И действительно, увидев у окна вагона человека со страдальческим лицом, она принялась ему кивать, размахивая шапкой, и несколько раз подряд повторила однозвучно и внятно:

– Мы тоже несчастны… тоже несчастны… тоже несчастны…

Однажды, возвращаясь отсюда в город и проходя через заснеженный пустырь, Миреле далеко на дороге, вьющейся позади, заметила бричку бывшего своего жениха и остановилась, чтобы подождать ее приближения.

Липкис взглянул на нее так странно, словно хотел уничтожить ее этим взглядом, а она сильно покраснела и даже сказала громче обыкновенного:

– Ну, что ты так на меня смотришь?

А дело было вот в чем: ей не хотелось, чтобы он заметил, как ее грусть словно рукой сняло. Она даже добавила по-русски:

– Ты глупый…

И принялась весело и буйно обсыпать его снежками, с хохотом швыряя их в него, прыгая, то и дело хватая новые пригоршни снега и снова швыряя, и снова хохоча, – пока не довела его до того, что он, прихрамывая, отбежал от нее на несколько шагов, сгорбился и обеими руками заслонил, морщась, лицо.

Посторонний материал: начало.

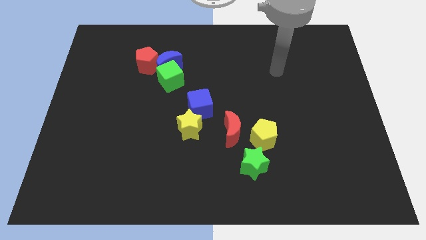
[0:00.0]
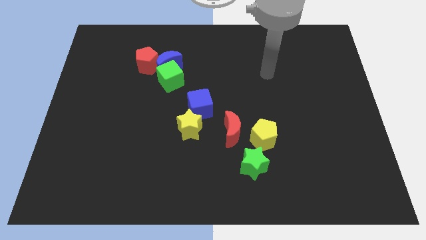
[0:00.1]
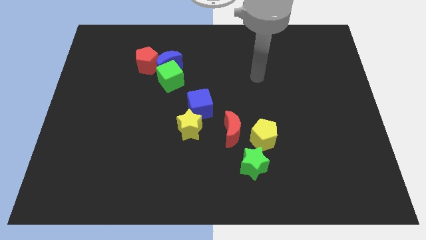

Когда бричка, запряженная новыми гнедыми лошадьми, подъехала ближе, она заложила за спину руки с пригоршнями снега и, слегка усмехаясь, широко открытыми, любопытными глазами глядела прямо в лицо своему бывшему жениху.

Одетый в широкий барский тулуп, подбитый желтым мехом, он сидел, развалясь в крытых лаком санях и, как настоящий помещик, время от времени делал краткие замечания кучеру.

Он ни разу не оглянулся ни на нее, ни на Липкиса, а она все стояла неподвижно, как окаменелая, провожая его глазами, и видела, как бричка с седоком скрылась из глаз за первыми домами городка.

– А он похорошел, – сказала она тихо, словно про себя, и о чем-то задумалась.

Только у самой околицы городка она немного повеселела, и лицо ее приняло странное, победительное выражение. Она сказала:

– А бородку свою, Липкис… бородку свою он снова сбрил…

Липкис был зол и молчалив. Странная тяжесть лежала у него на душе, и он все время сердито думал: «Это просто черт знает что, какими глупостями эта женщина заставляет его набивать себе голову. Велика важность, подумаешь, сбрил себе этот буйвол бороду, или нет».

Миреле на обратном пути тоже все время молчала; она снова стала печальна и как-то странно задумчива и слишком широко открытыми глазами смотрела вниз, на свои медленно шагающие ноги.

Вдруг она остановилась и, не подымая опущенной головы, спросила:

– Липкис, вы не находите – люди, в сущности, уже слишком стары и слишком умны, чтобы еще жить на свете. Пожалуй, пора, чтобы все поскорее вымерли и вместо них народились бы новые люди.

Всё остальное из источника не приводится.